A Microservices ASP.NET Core codebase containing real world examples (CRUD, auth, advanced patterns, etc) that adheres to the RealWorld spec and API.

This codebase was created to demonstrate a fully-fledged, micro-service architecture built with ASP.NET Core. It includes gRPC, Domain-Driven Design, CQRS, Mediator, Proxy, and many more patterns.

It completely adheres to the ASP.NET Core community style guides & best practices.

For more information on how to this works with other frontends/backends, head over to the RealWorld repo.

Features

  • Microservices architecture - architectural style that provides a highly maintainable, testable, loosely coupled collection of services that are independently deployable and organized around business capabilities. Service layer is placed on top of te Domain Models.

  • Domain-Driven Design - guides us to focus on small, individual, nearly autonomous pieces of our domain, our process and the resulting software is more flexible. We can easily move or modify the small parts with no side effects.

  • Communication via gRPC - a new, growing way to connect services in a cross-platform, cross-language way.

  • Remote Proxy - acts like a local resource while hiding the details of how to connect to a remote resource over a network. It behaves as API gateway between the client and services.

  • Applying Functional Principles - Functional programming in C# can give you insight into how your programs will behave. Specific topics here are immutable architecture, avoiding exceptions, primitive obsession, how to handles failures and input errors, and more.

  • Command-Query Responsibility Segregation (CQRS) - encourages you to untangle a single, unified domain model and create two models: one for handling commands, and the other one for handling queries. CQRS allows us to make different decisions for reads and writes, which in turn brings three benefits: scalability, performance, and the biggest one, simplicity. CQRS extends CQS to the architectural level.
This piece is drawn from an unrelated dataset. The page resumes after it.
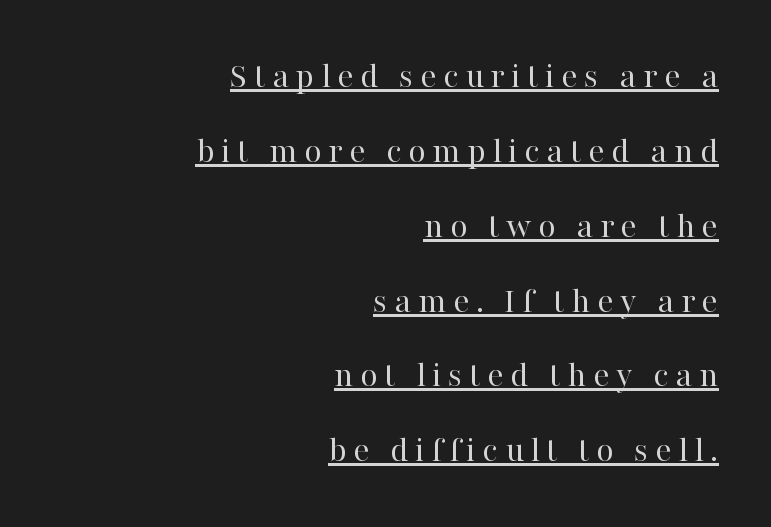
The image shows 38 px regular-weight serif type, upright; set right-aligned, loose line spacing (1.97x), underlined; high stroke contrast and a medium x-height.

  • MediatR - ensures that the messages are routed to the appropriate places. So you might think of it as a little more of an in‑memory messaging system.

  • Docker - Containers represent a higher-density kind of "virtualization" that can meet the needs of certain scenarios better than traditional hypervisors.

  • Travis CI - continuous integration service used to build and test projects. Travis CI automatically detects when a commit has been made and pushed to the GitHub repository that is using Travis CI, and each time this happens, it will try to build the project and run tests.